05 四分五裂
【ラスティル城内/ディアドラ・マードック】
私は走った。
隆斗くんと同じ制服を着た男子生徒が2人、楽しそうに笑みすら浮かべながら追ってくる。
捕まったらどうなるか……簡単に想像できた。
嫌だ。
嫌だ。
助けて、隆斗くん。
無我夢中で逃げていた私は、思わず……。
遮断機が降りた踏み切りへと侵入し、轟音でやっと状況を把握した時は既に遅く……。
隆斗くん、ごめんね。
君の孤独を癒してあげられなかったよ。
あの2人はきっと、私は自殺したと言い張るんだろうね。
私が思い悩んでいたと勘違いした隆斗くんは、きっと苦しむ。
君を余計に苦しませてしまうね。
ごめん、ごめんね……。
*
「ディアドラ! しっかりしなさい!」
姉に頬を叩かれて意識を取り戻した。
「そうだ……今の私は守屋 綾乃じゃない。ディアドラ・マードックだ」
「上等。それでこそ私の妹よ」
姉、マドリーンは満足そうに微笑む。
「私は助けを呼んでくるわ。
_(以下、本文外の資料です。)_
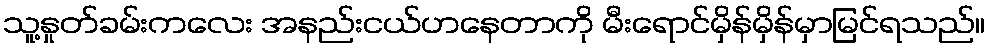
သူ့နှုတ်ခမ်းကလေး အနည်းငယ်ဟနေတာကို မီးရောင်မှိန်မှိန်မှာမြင်ရသည်။
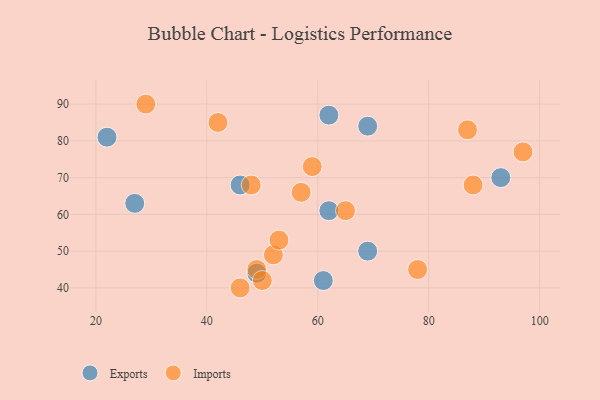
{"axis": {"x": "GDP", "y": "Life Expectancy"}, "legend": ["Exports", "Imports"], "data": [{"x": "62", "y": 87, "type": "Exports"}, {"x": "93", "y": 70, "type": "Exports"}, {"x": "49", "y": 44, "type": "Exports"}, {"x": "27", "y": 63, "type": "Exports"}, {"x": "69", "y": 50, "type": "Exports"}, {"x": "46", "y": 68, "type": "Exports"}, {"x": "62", "y": 61, "type": "Exports"}, {"x": "22", "y": 81, "type": "Exports"}, {"x": "61", "y": 42, "type": "Exports"}, {"x": "69", "y": 84, "type": "Exports"}, {"x": "52", "y": 49, "type": "Imports"}, {"x": "29", "y": 90, "type": "Imports"}, {"x": "97", "y": 77, "type": "Imports"}, {"x": "57", "y": 66, "type": "Imports"}, {"x": "53", "y": 53, "type": "Imports"}, {"x": "59", "y": 73, "type": "Imports"}, {"x": "42", "y": 85, "type": "Imports"}, {"x": "87", "y": 83, "type": "Imports"}, {"x": "65", "y": 61, "type": "Imports"}, {"x": "48", "y": 68, "type": "Imports"}, {"x": "78", "y": 45, "type": "Imports"}, {"x": "46", "y": 40, "type": "Imports"}, {"x": "49", "y": 45, "type": "Imports"}, {"x": "88", "y": 68, "type": "Imports"}, {"x": "50", "y": 42, "type": "Imports"}]}
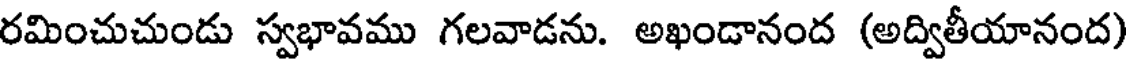
రమించుచుండు స్వభావము గలవాడను. అఖండానంద (అద్వితీయానంద)
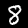
Label: 8
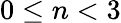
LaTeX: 0\le n<3
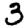
Digit: 3
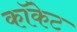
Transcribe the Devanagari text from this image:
कॉकेट
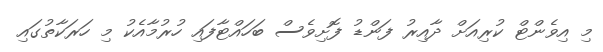
މި އިވެންޓް ކުރިއަށް ދާއިރު ފަންޑު ފޮށިވެސް ބަހައްޓާފައި ހުރުމާއެކު މި ހަރަކާތުގައި
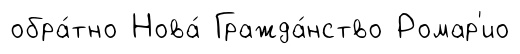
обра́тно Нова́ Гражда́нство Ромар'ио
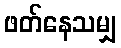
ဖတ်နေသမျှ
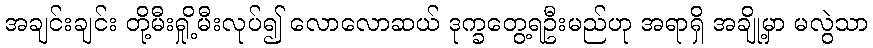
အချင်းချင်း တို့မီးရှို့မီးလုပ်၍ လောလောဆယ် ဒုက္ခတွေ့ရဦးမည်ဟု အရာရှိ အချို့မှာ မလွဲသာ
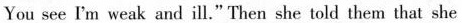
You see I'm weak and ill." Then she told them that she
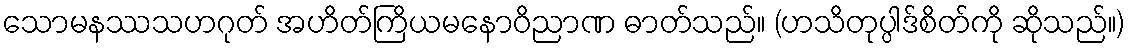
သောမနဿသဟဂုတ် အဟိတ်ကြိယမနောဝိညာဏ ဓာတ်သည်။ (ဟသိတုပ္ပါဒ်စိတ်ကို ဆိုသည်။)
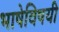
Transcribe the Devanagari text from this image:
भाषेविषयी
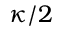
\kappa / 2
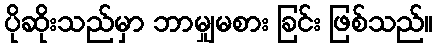
ပိုဆိုးသည်မှာ ဘာမျှမစား ခြင်း ဖြစ်သည်။
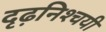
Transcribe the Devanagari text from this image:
दृढ़निश्‍चयी
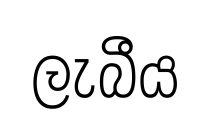
ලැබීය
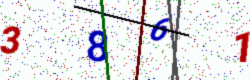
Text: 3861
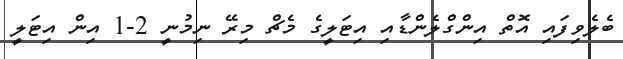
ބެލެވިފައި އޮތް އިންގްލެންޑާއި އިޓަލީގެ މެޗް މިރޭ ނިމުނީ 2-1 އިން އިޓަލީ
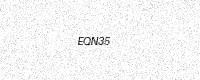
Text: EQN35
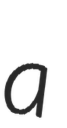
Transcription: a
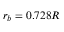
r _ { b } = 0 . 7 2 8 R
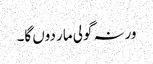
ورنہ گولی مار دوں گا۔
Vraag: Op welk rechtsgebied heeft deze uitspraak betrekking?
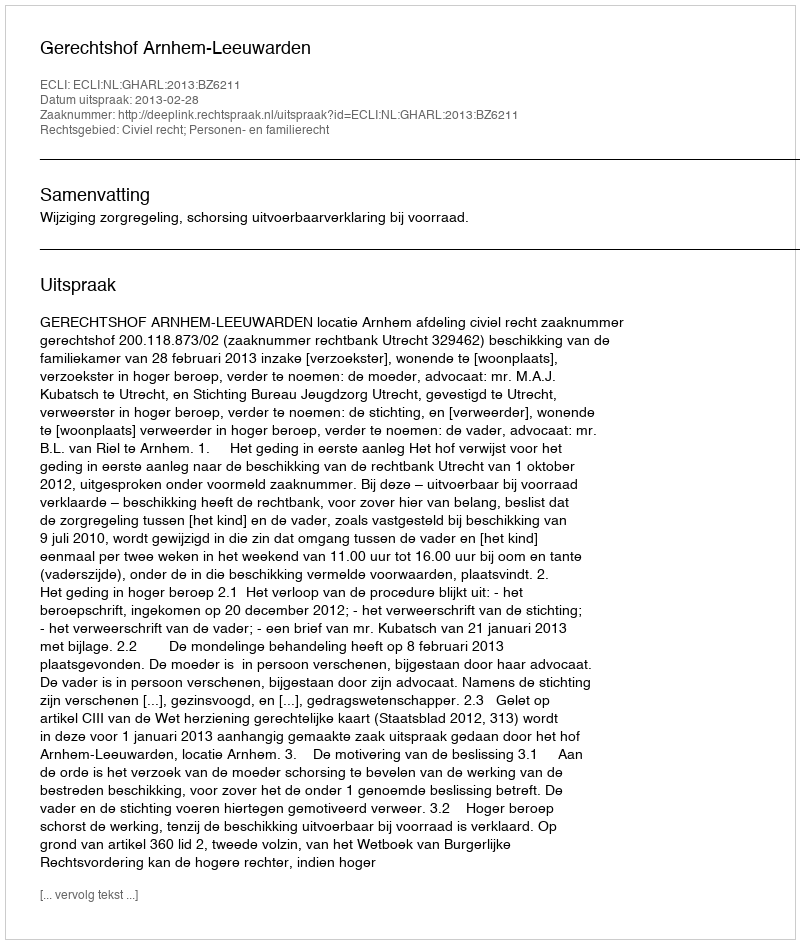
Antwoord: Civiel recht; Personen- en familierecht
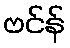
ဗင်န်
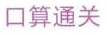
口算通关
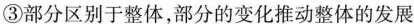
③部分区别于整体，部分的变化推动整体的发展
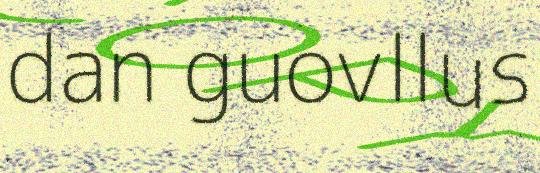
dan guovllus
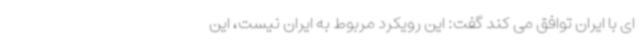
ای با ایران توافق می کند گفت: این رویکرد مربوط به ایران نیست، این
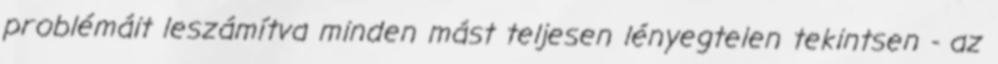
problémáit leszámítva minden mást teljesen lényegtelen tekintsen - az
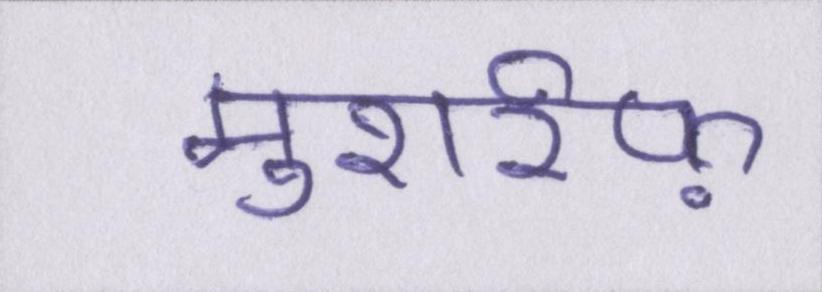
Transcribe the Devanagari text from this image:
मुशर्रफ़
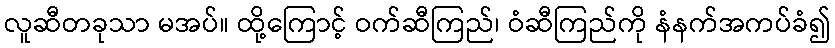
လူဆီတခုသာ မအပ်။ ထို့ကြောင့် ဝက်ဆီကြည်၊ ဝံဆီကြည်ကို နံနက်အကပ်ခံ၍
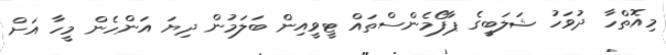
މިއޮތްހާ ދުވަހު ޝަލަބީގެ ޕާފޯމެންސްތައް ޓީވީއިން ބަލަމުން ދިޔަ އަންހެން މީހާ އަށް
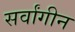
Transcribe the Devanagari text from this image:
सर्वांगीन
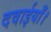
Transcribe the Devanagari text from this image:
दवाईयाँ।
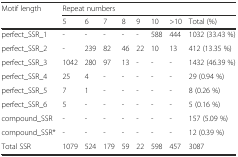
| <ROWSPAN=2> Motif length | <COLSPAN=8> Repeat numbers |
 | 5 | 6 | 7 | 8 | 9 | 10 | >10 | Total (%) |
 | --- | --- | --- | --- | --- | --- | --- | --- | --- |
 | perfect_SSR_1 | - | - | - | - | - | 588 | 444 | 1032 (33.43 %) |
 | perfect_SSR_2 | - | 239 | 82 | 46 | 22 | 10 | 13 | 412 (13.35 %) |
 | perfect_SSR_3 | 1042 | 280 | 97 | 13 | - | - | - | 1432 (46.39 %) |
 | perfect_SSR_4 | 25 | 4 | - | - | - | - | - | 29 (0.94 %) |
 | perfect_SSR_5 | 7 | 1 | - | - | - | - | - | 8 (0.26 %) |
 | perfect_SSR_6 | 5 | - | - | - | - | - | - | 5 (0.16 %) |
 | compound_SSR | - | - | - | - | - | - | - | 157 (5.09 %) |
 | compound_SSR* | - | - | - | - | - | - | - | 12 (0.39 %) |
 | Total SSR | 1079 | 524 | 179 | 59 | 22 | 598 | 457 | 3087 |
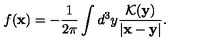
f ( { \bf x } ) = - \frac { 1 } { 2 \pi } \int d ^ { 3 } y \frac { { \cal K } ( { \bf y } ) } { | { \bf x } - { \bf y } | } .
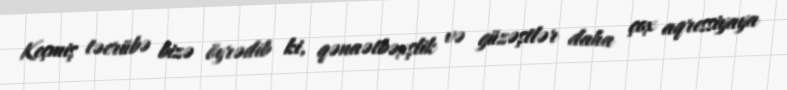
Keçmiş təcrübə bizə öyrədib ki, qənaətbəxşlik və güzəştlər daha çox aqressiyaya
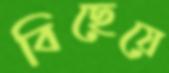
বিছেয়ে
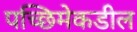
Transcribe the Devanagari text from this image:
पच्छिमेकडील
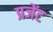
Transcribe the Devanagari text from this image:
प्रजेंट
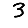
Digit: 3
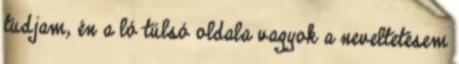
tudjam, én a ló túlsó oldala vagyok a neveltetésem
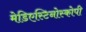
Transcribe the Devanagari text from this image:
मेडिएस्टिनोस्कोपी

それまで私の大切な子供たちを、ウィリディシアとシルヴェスターを守って」
姉はそう口にすると真っ白な猫の姿になった。
…………猫!?
姉の固有魔法は『案内・誘導』だった。
猫化する固有魔法なんて持っていなかった筈。
それなのに、猫となった姉は、颯爽とリッジウェイ家の離れの窓から外へと飛び出して行った。
後から聞いた話によると、姉の前世は猫だったらしい。
キリエという名の白猫で、薬剤師の女性に飼われていたが、彼女の死後は知人男性が里親となり、彼の元で天寿を全うしたという。
『リッジウェイの惨劇』で前世を思い出して以降、姉はもうひとつの固有魔法『獣化』を手に入れた。
『獣化』と言っても猫限定だ。
そして姉はあまりその固有魔法を使いたがらなかった。
特に、ナイジェル様とウィリディシアちゃんの前では。
*
夫とセオドア陛下が転移した後、私は仕掛けを作動させてセオドア陛下の私室に戻り、廊下へと出た。
そこには……。
「姉……さん?」
ボロボロの白い猫が転がっていた。
私は慌てて猫を抱き抱え、セオドア様の自室に戻る。
鍵を掛けて、白い猫へと必死に呼び掛けた。
「姉さん! 姉さん、起きて!」
ピクリ。
白い猫が身じろぎすると、人間の女性の姿へと変わる。
「姉さん!!」
「ディアドラ、良かった……無事だったのね」
姉はどう見ても無事じゃない。
今会話出来ているのが奇跡だ。
ピンコット家に駆け込んでも間に合わない。
「ディアドラ、よく聞いて。ナイジェルとアデルが死んだわ」
私は息を呑む。
「シェリルは玉座を手に入れた。ナイジェルの、アッシュフィールドのオーブもあの子の手の中……彼も陛下と一緒に逃がすべきだったわね」
オーブがシェリルの手に渡るとわかっていても、ナイジェル様は姉を置いて逃げることはないだろう。
その言葉を、私は飲み込む。
「ディアドラ、お願いがあるの」
私の涙が姉の頬を濡らす。
「もし、ウィリディシアに……樹理に会ったら、キリエが謝っていたと」
「…………」
「ナイジェルを……式睦を奪ってごめんね……って」
姉さんが私の涙を拭う。
「貴女にも……ごめんなさい、ディアドラ。コーネリアが逝ってしまったから……貴女を、ひとりには…………」
「姉さん!!」
姉さん。
私。
妹のコーネリア。
仲の良い三姉妹だったと思う。
姉がアッシュフィールド家へ、私がマードック家に嫁いで、コーネリアはリッジウェイ家に残り、『始まりの四家』とは別の貴族の子息を婿養子に迎えた。
『リッジウェイの惨劇』でコーネリアを亡くし、姉は私が寂しくないように、度々城まで足を運んで様子を見に来てくれていた。
大好きな、姉だった。
「姉……さん…………」
涙を拭ってくれていた姉さんの手がパタリと落ち……。
「嫌だよ……姉さん、、」
動かなく、なった。
「姉さん、逝かないで…………」
涙が止まらない。
私はフィニスが傍らに立っていることにも気づかずに、暫くの間姉の身体を抱き締めて泣いていた。